Jarbhou et al. (2008) described a girl with Cenani-Lenz syndactyly who had facial dysmorphism consisting of prominent forehead, deep-set eyes, low-set ears, retrognathia, high-arched narrow palate, short-beaked nose, and high nasal bridge. Abdominal ultrasound showed that the right kidney was hypoplastic and ectopic. Additional, previously unreported, features in this patient included congenital hypothyroidism, laryngomalacia, and congenital dislocation of the hips. Jarbhou et al. (2008) proposed that Cenani-Lenz syndactyly be reclassified as a syndromic form of syndactyly.

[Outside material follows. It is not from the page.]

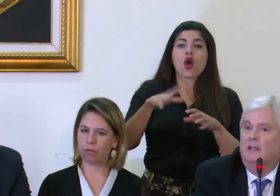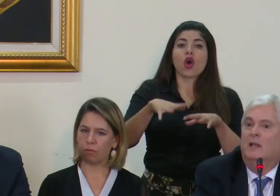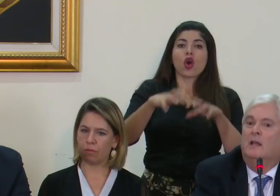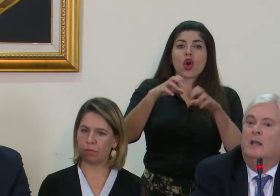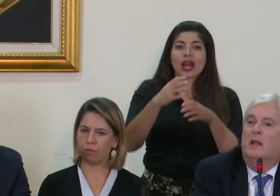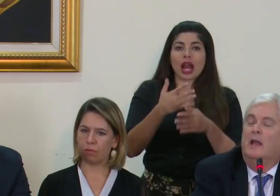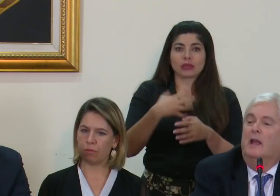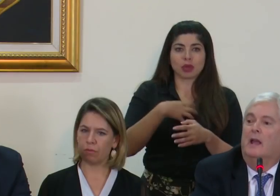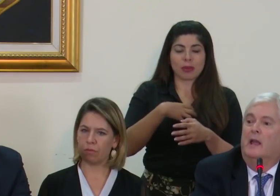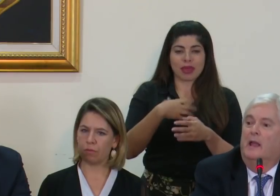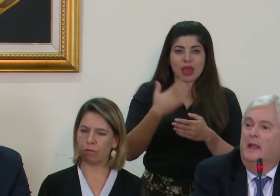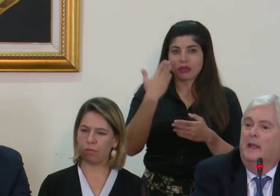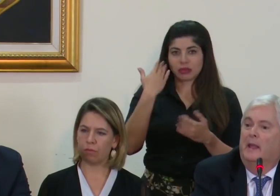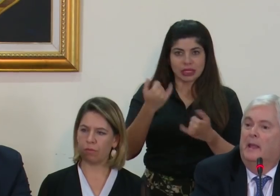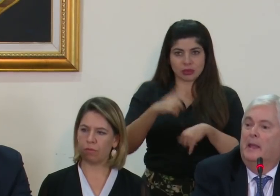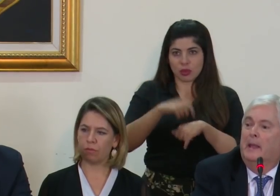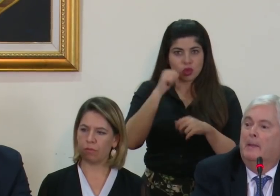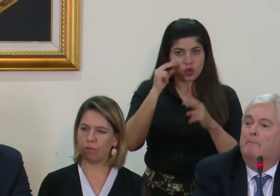bienes.

Li et al. (2010) examined affected individuals from 14 families with Cenani-Lenz syndactyly syndrome (CLSS), 6 of which had been previously reported (Elcioglu et al., 1997; Seven et al., 2000; Bacchelli et al., 2001; Temtamy et al., 2003; Percin and Percin, 2003; and Jarbhou et al., 2008). There was mild facial dysmorphism in the majority of CLS cases, with prominent forehead, hypertelorism, downslanting palpebral fissures, and micrognathia. Typical limb malformations included total to partial syndactyly of hands and feet, as well as distal bone malformations affecting the radius and ulna in addition to the metacarpal and phalangeal bones. Li et al. (2010) noted that kidney anomalies, including renal agenesis and hypoplasia, were present in more than 50% of families.

Mapping

Li et al. (2010) performed homozygosity mapping in 6 consanguineous families with Cenani-Lenz syndactyly syndrome, including the families previously reported by Elcioglu et al. (1997), Seven et al. (2000), Bacchelli et al. (2001), Temtamy et al. (2003), and Percin and Percin (2003), and obtained a combined parametric lod score of 7.46 at a 19.7-Mb region between SNPs rs1346671 and rs490192 on chromosome 11p11.2-q13.1. Li et al. (2010) considered the LRP4 gene to be a highly relevant positional and functional candidate gene.

Molecular Genetics

In 14 unrelated consanguineous families with Cenani-Lenz syndactyly syndrome, Li et al. (2010) sequenced the candidate gene LRP4 and identified homozygous and compound heterozygous missense and splice site mutations (see, e.g., 604270.0001-604270.0008) that segregated with disease in 12 of the families, including the families previously reported by Elcioglu et al. (1997), Seven et al. (2000), Bacchelli et al. (2001), Temtamy et al. (2003), Percin and Percin (2003), and Jarbhou et al. (2008). The fact that LRP4 mutations were not found in 2 CLSS families suggested further locus heterogeneity.

For discussion of a possible role of variation in the APC gene in Cenani-Lenz syndrome, see 611731.0052.